People with hearing loss who benefit from having a cochlear implant often report problems with enjoying music, and Southampton researchers from Music and the Institute for Vibration Research have been working on rehabilitation programmes that can help. Rachel van Besouw (who leads the AHRC-funded multidisciplinary Compositions for Cochlear Implantees project as Principal Investigator) tells us about a recent professionals’ training event on running music workshops for cochlear implant users at the University of Southampton Auditory Implant Service:
We’ve gained quite a bit of experience in running music workshops for adult cochlear implant users, having run 12 workshops over the past 3 years (read more about the most recent workshop here) and we thought it would be helpful to share this experience through a training event and a Good Practice Guide to encourage and support other professionals in providing music rehabilitation.

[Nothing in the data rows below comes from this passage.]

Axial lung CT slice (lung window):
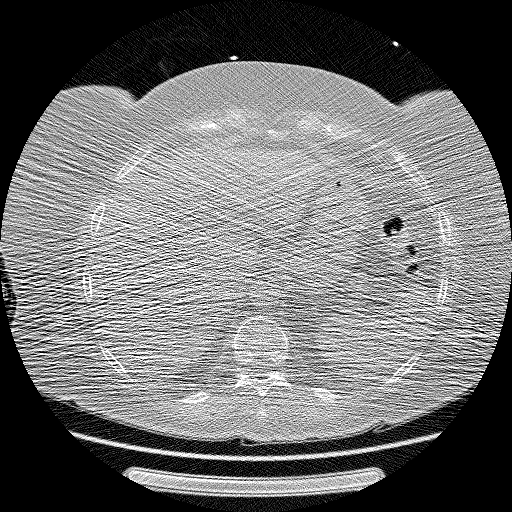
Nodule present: no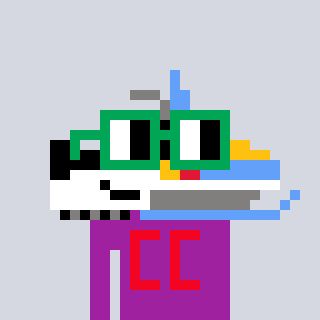
a pixel art character with square green glasses, a snowmobile-shaped head and a magenta-colored body on a cool background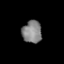
Tissue: lung
Cell type: Epithelial cells
Senescence score: 0.1849
Nuclear area (px): 430
Mean DAPI intensity: 129.83
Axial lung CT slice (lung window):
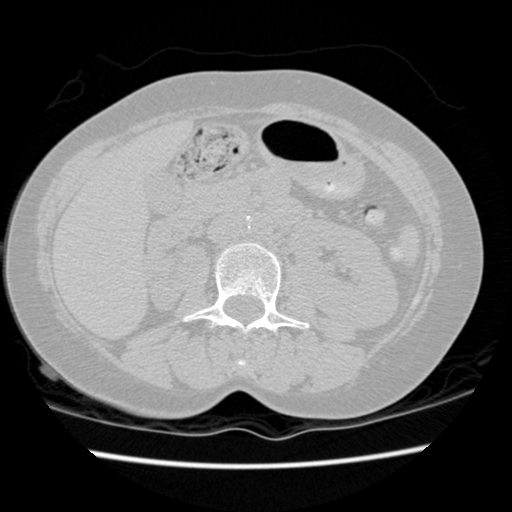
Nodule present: no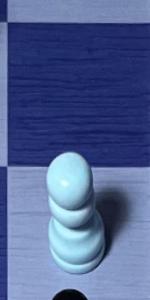
Label: Pawn_White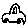
Label: car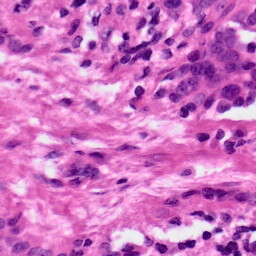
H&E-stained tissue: Ovarian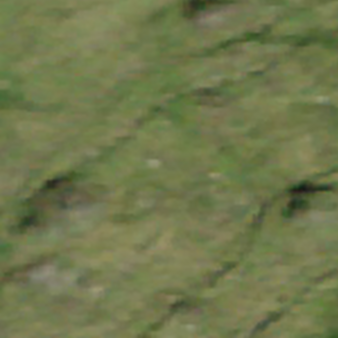
Label: other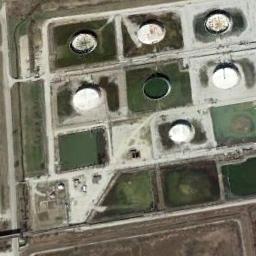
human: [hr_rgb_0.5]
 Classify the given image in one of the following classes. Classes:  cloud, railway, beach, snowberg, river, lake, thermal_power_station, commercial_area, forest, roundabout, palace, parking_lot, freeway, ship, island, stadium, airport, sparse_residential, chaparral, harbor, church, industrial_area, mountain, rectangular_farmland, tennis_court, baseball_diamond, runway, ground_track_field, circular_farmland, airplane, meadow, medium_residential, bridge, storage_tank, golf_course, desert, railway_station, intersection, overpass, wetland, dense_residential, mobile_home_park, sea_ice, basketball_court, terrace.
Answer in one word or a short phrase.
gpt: storage_tank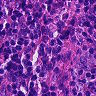
Metastatic tissue present: no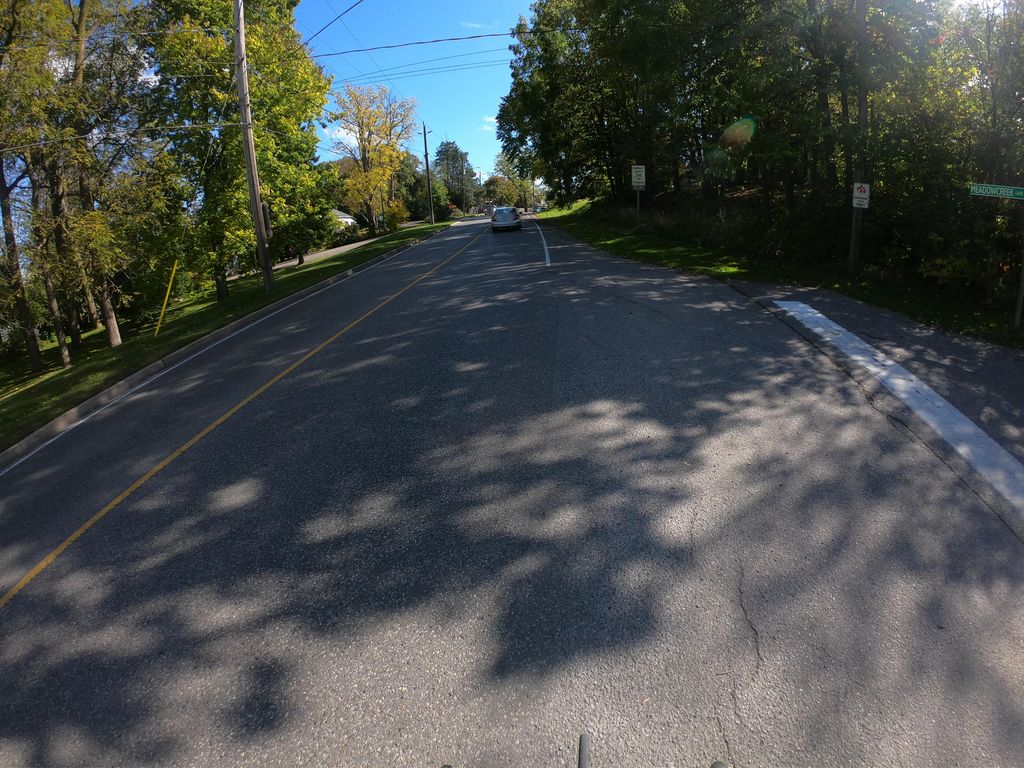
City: kitchener-waterloo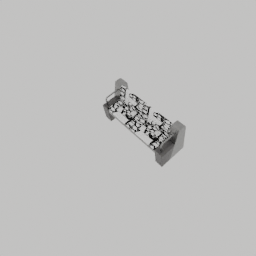
Label: architecture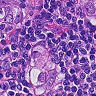
Metastatic tissue present: yes

Music therapist Sarah Hodkinson led both of these activities and we had contributions from expert cochlear implant users Edna and Samantha, Mary Grasmeder, a clinical scientist at the Auditory Implant Service, and composer Ben Oliver, who is also Co-Investigator on the project. The training day was held at the Auditory Implant Service in September and was attended by 22 professionals (including audiologists, speech and language therapists, rehabilitationists, music therapists, researchers and students) from the UK, Europe and China.
We started the day with presentations on how music is processed by a cochlear implant and hearing loss, performance with a cochlear implant and music. Edna and Samantha then gave very moving personal accounts of their experiences of listening to music prior and post-implantation. Sarah introduced the Good Practice Guide and Ben started the afternoon session with sample drumming/percussion activities. We also gave delegates a sneak preview of a couple of applications from the Interactive Music Awareness Programme (IMAP) that we have been busy developing and evaluating with adult cochlear implant users.
The event went really well – we had great feedback from everyone who attended and Stuart Nelson, relief support worker for Action on Hearing Loss, posted a blog about the training on the Action on Hearing Loss website.
A number of the delegates have requested more copies of the Good Practice Guide, so we are busy doing a second print run of these and we hope to invite everyone back for the launch of the IMAP at the end of January 2014.